For years, Miami City Ballet had been characterized by musicality and temperament, whether it was dancing Balanchine’s Agon or Twyla Tharp’s In the Upper Room. Since Lopez’s unexpectedly early arrival, she has expanded the repertoire, while maintaining the Balanchine foundation that Villella established. MCB had four company premieres in the 2013–14 season, including Nacho Duato’s Jardí Tancat, and a revival of the classic Don Quixote, choices that Lopez says reflect the city and company’s cultural mix. (About one-third of the company is Latin American.)
Lopez’s experience with Morphoses, though, has been among the greatest influences in her programming. Last year, Wheeldon set his stylishly modernist Polyphonia and NYCB hotshot Justin Peck was commissioned to create Chutes and Ladders.

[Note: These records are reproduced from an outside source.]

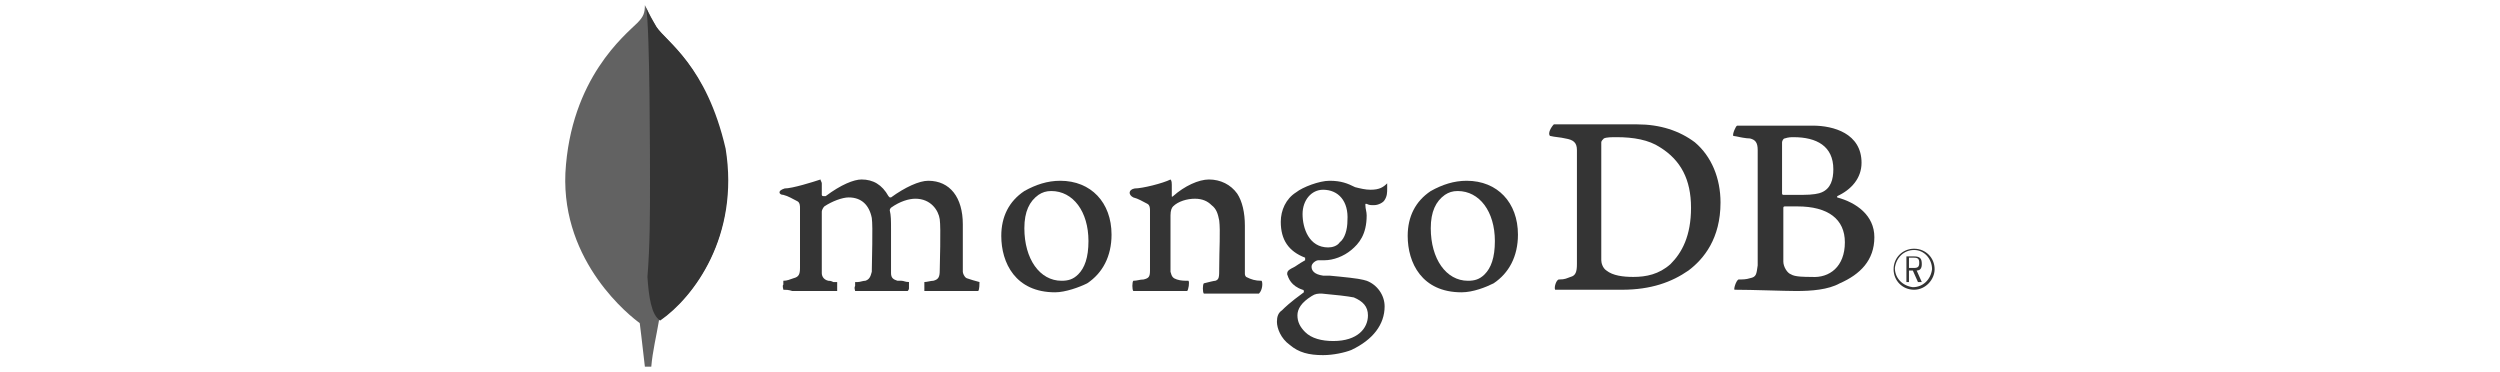 <?xml version="1.0" encoding="utf-8"?>
<!-- Generator: Adobe Illustrator 28.0.0, SVG Export Plug-In . SVG Version: 6.00 Build 0)  -->
<svg version="1.1" id="Layer_1" xmlns="http://www.w3.org/2000/svg" xmlns:xlink="http://www.w3.org/1999/xlink" x="0px" y="0px"
	 viewBox="0 0 195 29" style="enable-background:new 0 0 195 29;" xml:space="preserve">
<style type="text/css">
	.st0{fill:#626262;}
	.st1{fill:#343434;}
</style>
<g id="Layer_1-2">
	<g>
		<path class="st0" d="M56.5,11.6C55,5,52,3.3,51.2,2.1c-0.3-0.5-0.6-1.1-0.9-1.7c0,0.6-0.1,0.9-0.6,1.4c-0.9,0.9-5.2,4.3-5.6,11.7
			c-0.3,7,5.1,11.2,5.8,11.7c0.5,0.3,1.2,0,1.5-0.2C54.1,23.2,57.7,18.4,56.5,11.6"/>
		<path class="st0" d="M50.5,21.5c-0.1,1.7-0.2,2.7-0.6,3.7c0,0,0.2,1.6,0.4,3.4h0.5c0.1-1.2,0.4-2.4,0.6-3.6
			C50.8,24.6,50.6,23,50.5,21.5z"/>
		<path class="st1" d="M51.5,25L51.5,25c-0.7-0.4-0.9-1.9-1-3.4c0.2-2.5,0.2-4.9,0.2-7.4c0-1.3,0-12-0.3-13.6c0.2,0.5,0.5,1,0.8,1.5
			c0.8,1.2,3.9,3,5.4,9.5C57.7,18.4,54.1,23.2,51.5,25L51.5,25z"/>
		<path class="st1" d="M149.3,22.6c-0.9,0-1.6-0.7-1.6-1.6c0-0.9,0.7-1.6,1.6-1.6c0.9,0,1.6,0.7,1.6,1.6
			C150.9,21.8,150.2,22.6,149.3,22.6C149.3,22.6,149.3,22.6,149.3,22.6 M149.3,19.5c-0.8,0-1.4,0.6-1.5,1.4c0,0.8,0.6,1.4,1.4,1.5
			c0.8,0,1.4-0.6,1.5-1.4l0,0C150.7,20.2,150.1,19.5,149.3,19.5L149.3,19.5 M149.6,22l-0.4-0.9h-0.3V22h-0.2v-2h0.6
			c0.5,0,0.6,0.2,0.6,0.6c0,0.3-0.1,0.5-0.4,0.5l0.4,0.9H149.6L149.6,22z M148.9,20.9h0.4c0.3,0,0.4-0.1,0.4-0.4s-0.1-0.4-0.4-0.4
			h-0.4V20.9L148.9,20.9z"/>
		<path class="st1" d="M125.3,21.1c0.5,0.4,1.3,0.5,2.1,0.5c1,0,2-0.2,2.9-1c0.9-0.9,1.6-2.2,1.6-4.4s-0.8-3.7-2.4-4.7
			c-0.9-0.6-2.1-0.8-3.4-0.8c-0.4,0-0.8,0-1,0.1c-0.1,0.1-0.2,0.2-0.2,0.3c0,0.4,0,3.2,0,4.8c0,1.7,0,4.1,0,4.4
			C124.9,20.5,125,20.9,125.3,21.1 M121.2,9.7c0.4,0,1.7,0,2.3,0c1.2,0,2,0,4.2,0c1.8,0,3.3,0.5,4.5,1.4c1.3,1.1,2,2.8,2,4.7
			c0,2.8-1.3,4.4-2.5,5.3c-1.3,0.9-2.9,1.5-5.2,1.5c-1.3,0-3.4,0-5.2,0h0c-0.1-0.2,0.1-0.8,0.3-0.8c0.5,0,0.6-0.1,0.9-0.2
			c0.4-0.1,0.5-0.4,0.5-1c0-1.3,0-2.8,0-4.5c0-1.2,0-3.6,0-4.4c0-0.6-0.3-0.8-0.9-0.9c-0.4-0.1-0.8-0.1-1.2-0.2
			C120.7,10.4,121,9.9,121.2,9.7"/>
		<path class="st1" d="M139.2,10.8c-0.1,0-0.2,0.2-0.2,0.3c0,0.7,0,2.7,0,4c0,0,0,0.1,0.1,0.1c0.3,0,0.9,0,1.5,0
			c0.8,0,1.3-0.1,1.5-0.2c0.7-0.3,0.9-1,0.9-1.8c0-1.8-1.3-2.5-3.1-2.5C139.7,10.7,139.5,10.7,139.2,10.8 M143.9,18.9
			c0-1.8-1.3-2.8-3.7-2.8c-0.1,0-0.9,0-1,0c0,0-0.1,0-0.1,0.1c0,1.3,0,3.3,0,4.2c0,0.4,0.3,0.9,0.6,1c0.3,0.2,1.1,0.2,1.6,0.2
			C142.7,21.7,143.9,20.8,143.9,18.9 M135.5,9.8c0.2,0,0.7,0,2.2,0c1.3,0,2.4,0,3.7,0c1.6,0,3.8,0.6,3.8,2.9c0,1.2-0.8,2.1-1.9,2.6
			c0,0,0,0,0,0.1c1.5,0.4,2.9,1.4,2.9,3.1c0,1.8-1.1,2.9-2.7,3.6c-0.9,0.5-2.2,0.6-3.4,0.6c-0.9,0-3.4-0.1-4.8-0.1
			c-0.1,0,0.1-0.7,0.3-0.8c0.3,0,0.6,0,0.9-0.1c0.5-0.1,0.5-0.3,0.6-1c0-0.6,0-2.9,0-4.5c0-2.2,0-3.7,0-4.5c0-0.6-0.2-0.8-0.6-0.9
			c-0.3,0-0.8-0.1-1.3-0.2C135.1,10.5,135.4,9.8,135.5,9.8"/>
		<path class="st1" d="M61.1,22.6c0-0.1-0.1-0.3,0-0.4c0-0.1,0-0.2,0-0.3c0.3,0,0.5-0.1,0.8-0.2c0.4-0.1,0.5-0.3,0.5-0.8
			c0-1.1,0-3.2,0-4.7v0c0-0.1,0-0.4-0.2-0.5c-0.4-0.2-0.7-0.4-1.1-0.5c-0.2,0-0.3-0.1-0.3-0.2s0.1-0.2,0.4-0.3
			c0.6,0,2.2-0.5,2.8-0.7c0,0.1,0.1,0.2,0.1,0.3c0,0,0,0.1,0,0.2c0,0.2,0,0.5,0,0.7c0,0.1,0.1,0.1,0.2,0.1c0,0,0,0,0.1,0
			c1.2-0.9,2.2-1.3,2.8-1.3c0.9,0,1.6,0.4,2.1,1.3c0,0,0.1,0.1,0.1,0.1c0,0,0.1,0,0.1,0c1.1-0.8,2.2-1.3,2.9-1.3
			c1.7,0,2.7,1.3,2.7,3.4c0,0.6,0,1.4,0,2.1c0,0.6,0,1.2,0,1.6c0,0.1,0.1,0.4,0.3,0.5c0.3,0.1,0.6,0.2,1,0.3l0,0
			c0,0.1,0,0.6-0.1,0.7c-0.1,0-0.3,0-0.5,0c-0.4,0-0.8,0-1.4,0c-1.1,0-1.7,0-2.3,0c0-0.1,0-0.6,0-0.7c0.2,0,0.5-0.1,0.7-0.1
			c0.4-0.1,0.5-0.3,0.5-0.8c0-0.4,0.1-3.3,0-4c-0.1-0.7-0.7-1.6-1.9-1.6c-0.5,0-1.2,0.2-1.9,0.7c0,0-0.1,0.1-0.1,0.2l0,0
			c0.1,0.4,0.1,0.8,0.1,1.5c0,0.4,0,0.8,0,1.2c0,0.8,0,1.6,0,2.2c0,0.4,0.2,0.5,0.5,0.6c0.1,0,0.2,0,0.3,0c0.2,0,0.3,0.1,0.6,0.1
			c0,0.2,0,0.4,0,0.5c0,0,0,0.1-0.1,0.2c-0.6,0-1.3,0-2.2,0c-0.3,0-0.7,0-1.1,0c-0.3,0-0.6,0-0.8,0c0-0.1-0.1-0.2,0-0.4
			c0-0.1,0-0.2,0-0.3l0.2,0c0.2,0,0.4-0.1,0.6-0.1c0.3-0.1,0.4-0.3,0.5-0.7c0-0.9,0.1-3.5,0-4.2c-0.2-1-0.8-1.6-1.8-1.6
			c-0.5,0-1.3,0.3-1.9,0.7c-0.1,0.1-0.2,0.3-0.2,0.4v1.1c0,1.3,0,3,0,3.7c0,0.2,0.1,0.5,0.5,0.6c0.1,0,0.2,0,0.4,0.1
			c0.1,0,0.2,0,0.3,0c0,0.2,0,0.5,0,0.7c-0.2,0-0.4,0-0.7,0c-0.4,0-0.9,0-1.4,0c-0.6,0-1.1,0-1.4,0C61.5,22.6,61.3,22.6,61.1,22.6"
			/>
		<path class="st1" d="M82,14.9c-0.4,0-0.7,0.1-1,0.3c-0.7,0.5-1.1,1.3-1.1,2.6c0,2.4,1.2,4.1,2.9,4.1c0.5,0,0.9-0.1,1.3-0.5
			c0.5-0.5,0.8-1.3,0.8-2.6C84.9,16.5,83.7,14.9,82,14.9 M82.3,22.8c-3.1,0-4.2-2.3-4.2-4.4c0-1.5,0.6-2.7,1.8-3.5
			c0.9-0.5,1.8-0.8,2.8-0.8c2.4,0,4,1.7,4,4.2c0,1.7-0.7,3-1.9,3.8C84.2,22.4,83.1,22.8,82.3,22.8"/>
		<path class="st1" d="M113.7,14.9c-0.4,0-0.7,0.1-1,0.3c-0.7,0.5-1.1,1.3-1.1,2.6c0,2.4,1.2,4.1,2.9,4.1c0.5,0,0.9-0.1,1.3-0.5
			c0.5-0.5,0.8-1.3,0.8-2.6C116.6,16.5,115.4,14.9,113.7,14.9 M114,22.8c-3.1,0-4.2-2.3-4.2-4.4c0-1.5,0.6-2.7,1.8-3.5
			c0.9-0.5,1.8-0.8,2.8-0.8c2.4,0,4,1.7,4,4.2c0,1.7-0.7,3-1.9,3.8C115.9,22.4,114.9,22.8,114,22.8"/>
		<path class="st1" d="M103.2,14.8c-0.9,0-1.6,0.8-1.6,1.9s0.5,2.6,2,2.6c0.3,0,0.7-0.1,0.9-0.4c0.4-0.3,0.6-1,0.6-1.7
			C105.2,15.7,104.4,14.8,103.2,14.8 M103.1,22.9c-0.3,0-0.5,0-0.8,0.2c-0.8,0.5-1.1,1-1.1,1.5s0.2,0.9,0.6,1.3
			c0.5,0.5,1.3,0.7,2.2,0.7c1.9,0,2.7-1,2.7-2c0-0.7-0.4-1.1-1.1-1.4C105.1,23.1,104.2,23,103.1,22.9 M103.2,27.7
			c-1.1,0-1.9-0.2-2.6-0.8c-0.7-0.5-1-1.3-1-1.8c0-0.4,0.1-0.7,0.4-0.9c0.2-0.2,0.6-0.6,1.7-1.4c0,0,0,0,0-0.1c0,0,0-0.1-0.1-0.1
			c-0.9-0.3-1.1-0.9-1.2-1.2v0c0-0.1,0-0.2,0.1-0.3c0.1-0.1,0.3-0.2,0.5-0.3c0.3-0.2,0.6-0.4,0.8-0.5c0,0,0-0.1,0-0.2c0,0,0,0,0,0
			c-1.3-0.5-1.9-1.4-1.9-2.8c0-0.9,0.4-1.8,1.2-2.3c0.5-0.4,1.8-0.9,2.6-0.9h0c0.9,0,1.4,0.2,2,0.5c0.4,0.1,0.8,0.2,1.2,0.2
			c0.7,0,1-0.2,1.3-0.5c0,0.1,0,0.2,0,0.4c0,0.3,0,0.6-0.2,0.9c-0.1,0.2-0.5,0.4-0.8,0.4c0,0,0,0-0.1,0c-0.2,0-0.3,0-0.5-0.1l-0.1,0
			c0,0,0,0.1,0,0.1c0,0,0,0,0,0c0,0.3,0.1,0.5,0.1,0.8c0,1.5-0.6,2.2-1.2,2.7c-0.6,0.5-1.4,0.8-2.1,0.8l0,0c0,0-0.1,0-0.3,0
			c-0.1,0-0.2,0-0.2,0l0,0c-0.1,0-0.5,0.2-0.5,0.5c0,0.3,0.2,0.6,0.9,0.7l0.5,0c1,0.1,2.3,0.2,2.9,0.4c0.8,0.3,1.4,1.1,1.4,2
			c0,1.4-0.9,2.6-2.6,3.4C104.9,27.5,104,27.7,103.2,27.7"/>
		<path class="st1" d="M98.4,21.9c-0.5,0-0.8-0.1-1.2-0.3c-0.1-0.1-0.1-0.2-0.1-0.3c0-0.6,0-2.5,0-3.7c0-1-0.2-1.9-0.6-2.5
			C96,14.4,95.2,14,94.3,14c-0.8,0-1.9,0.5-2.8,1.3c0,0-0.1,0.1-0.1,0s0-0.6,0-0.9c0-0.1,0-0.3-0.1-0.4c-0.6,0.3-2.2,0.7-2.8,0.7
			c-0.5,0.1-0.5,0.5-0.1,0.7l0,0c0.4,0.1,0.7,0.3,1.1,0.5c0.2,0.1,0.2,0.4,0.2,0.5c0,1.4,0,3.5,0,4.7c0,0.5-0.1,0.6-0.5,0.7h0
			c-0.3,0-0.5,0.1-0.8,0.1c-0.1,0.1-0.1,0.7,0,0.8c0.2,0,1.3,0,2.1,0c1.2,0,1.8,0,2.1,0c0.1-0.1,0.2-0.7,0.1-0.8
			c-0.3,0-0.6,0-0.9-0.1c-0.3-0.1-0.4-0.2-0.5-0.6c0-0.9,0-3,0-4.4c0-0.4,0.1-0.6,0.2-0.7c0.4-0.4,1.1-0.6,1.7-0.6s1,0.2,1.3,0.5
			c0.4,0.3,0.5,0.7,0.6,1.2c0.1,0.8,0,2.3,0,3.7c0,0.7,0,0.9-0.3,1c-0.1,0-0.5,0.1-0.9,0.2c-0.1,0.1-0.1,0.7,0,0.8
			c0.5,0,1.2,0,2.1,0c1.1,0,1.9,0,2.2,0C98.5,22.6,98.5,22,98.4,21.9"/>
	</g>
</g>
</svg>

This season, Peck will collaborate with street artist Shepard Fairey, the man behind the Barack Obama “Hope” poster. And at Lopez’s bidding, Morphoses has been incorporated into MCB as a “laboratory” for new, collaborative projects performed by company dancers. She hopes it will become MCB’s experimental arm.
Lopez also wants to polish the dancers’ technique and establish a uniformity of style in the corps. Upon her arrival, she says the caliber of dancing was “a little bit uneven as a company. So I went back to the basics.” This extends to the troupe’s school, the source of nearly half of the company’s dancers. Under new director Darleen Callaghan, the curriculum has expanded to include character dance, music and dance history. Lopez hopes that eventually most or all of the dancers will come from the academy, mirroring NYCB’s relationship with the School of American Ballet. “There is a quickness, energy and musicality necessary for Balanchine,” she says. “The school keeps aesthetics in place.”
Despite all the positive, money remains an issue. MCB is the country’s eighth largest company, with 50 dancers and a house orchestra to pay. While the deficit has been reduced by about two-thirds, the company is still $1 million in the red. Lopez hopes to eliminate it next year, with donations and revenue on the rise and attendance up 17 percent across the company’s three performance venues. The turbulent seas that seemed ready to engulf MCB two years ago have receded; the future looks bright. “I want to be a director that’s open, available and fair,” says Lopez. “One who is demanding and hopeful.”
At A Glance:
Miami City Ballet
Size: 50 dancers
Starting salary: Company does not release information.